Por eso, a deshoras unos e inventando reuniones inexistentes otros, he visto todos los disputados, y no glosaré el juego de ningún XV, que en estas páginas ya se ha hecho. Pero sí quiero destacar a los anfitriones, que no me han aburrido en absoluto. Porque han venido mostrando una progresión notable y porque conocen como nadie el arte de la economía. Arte, sí, ya que los presuntos científicos de la disciplina fallan como escopeta de feria. Creo que la más común definición de la cosa tiene que ver con el aprovechamiento óptimo de recursos escasos. Si eso es así, los japoneses son maestros.

Durante décadas, con un XV formado mayoritariamente por nativos, se defendieron dignamente como Tier 2. Tiempo habían tenido para consolidar un buen equipo nacional.
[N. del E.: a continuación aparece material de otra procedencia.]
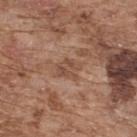Part of a total-body skin-imaging series; this lesion was reviewed on a skin check and was not flagged for biopsy.
The lesion is on the upper back.
A male patient aged 73 to 77.
This is a white-light tile.
A 15 mm crop from a total-body photograph taken for skin-cancer surveillance.
Automated tile analysis of the lesion measured a border-irregularity index near 3.5/10, a within-lesion color-variation index near 3.5/10, and radial color variation of about 1. The analysis additionally found a nevus-likeness score of about 0/100 and a detector confidence of about 100 out of 100 that the crop contains a lesion.
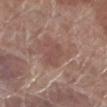  biopsy_status: not biopsied; imaged during a skin examination
  patient:
    sex: male
    age_approx: 70
  site: left lower leg
  lighting: white-light
  automated_metrics:
    area_mm2_approx: 6.0
    eccentricity: 0.8
    shape_asymmetry: 0.25
    vs_skin_darker_L: 6.0
    vs_skin_contrast_norm: 5.0
    border_irregularity_0_10: 3.5
    peripheral_color_asymmetry: 0.5
    nevus_likeness_0_100: 0
    lesion_detection_confidence_0_100: 100
  lesion_size:
    long_diameter_mm_approx: 3.5
  image:
    source: total-body photography crop
    field_of_view_mm: 15
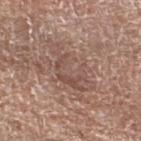  biopsy_status: not biopsied; imaged during a skin examination
  image:
    source: total-body photography crop
    field_of_view_mm: 15
  site: left lower leg
  patient:
    sex: female
    age_approx: 75
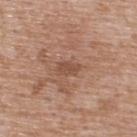<lesion>
<biopsy_status>not biopsied; imaged during a skin examination</biopsy_status>
<lighting>white-light</lighting>
<site>upper back</site>
<lesion_size>
  <long_diameter_mm_approx>2.5</long_diameter_mm_approx>
</lesion_size>
<image>
  <source>total-body photography crop</source>
  <field_of_view_mm>15</field_of_view_mm>
</image>
<patient>
  <sex>male</sex>
  <age_approx>50</age_approx>
</patient>
<automated_metrics>
  <lesion_detection_confidence_0_100>100</lesion_detection_confidence_0_100>
</automated_metrics>
</lesion>
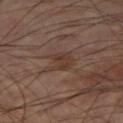Imaged during a routine full-body skin examination; the lesion was not biopsied and no histopathology is available. Longest diameter approximately 3.5 mm. Automated image analysis of the tile measured a lesion area of about 6.5 mm², a shape eccentricity near 0.7, and a symmetry-axis asymmetry near 0.4. The software also gave a lesion color around L≈35 a*≈16 b*≈24 in CIELAB. The analysis additionally found a within-lesion color-variation index near 2.5/10 and a peripheral color-asymmetry measure near 1. It also reported a nevus-likeness score of about 0/100 and lesion-presence confidence of about 100/100. A region of skin cropped from a whole-body photographic capture, roughly 15 mm wide. This is a cross-polarized tile. A male subject, in their 60s. From the right thigh.

En época de sus precursores, Tanaka Ginosuke y Edward Bramwell Clarke (finales del s. XIX y primer tercio del XX), no había Copa del Mundo y principiaban los partidos internacionales. Ambos estudiaron en Cambridge, y acaso el japonés fue último epígono decimonónico de aquellos pescadores sintoístas secuestrados por el rapaz pirata Cavendish, merodeador de la ruta del Tornaviaje de Urdaneta y Legazpi, en tiempos de la aviesa Reina Virgen. Ginosuke se instruyó bien en la centenaria universidad, va de suyo, pero además adquirió la improbable habilidad de manejarse decentemente con un balón ovalado. Producto de la Era Meiji, enviado para empaparse de Occidente, retornó a su país para iniciar una carrera en el primer banco moderno del Japón sin pensar que sería recordado por la afición adquirida en Inglaterra.

Edward Bramwell Clarke, en el centro, con el primer equipo de Keio en 1901 (Foto: Keio Times).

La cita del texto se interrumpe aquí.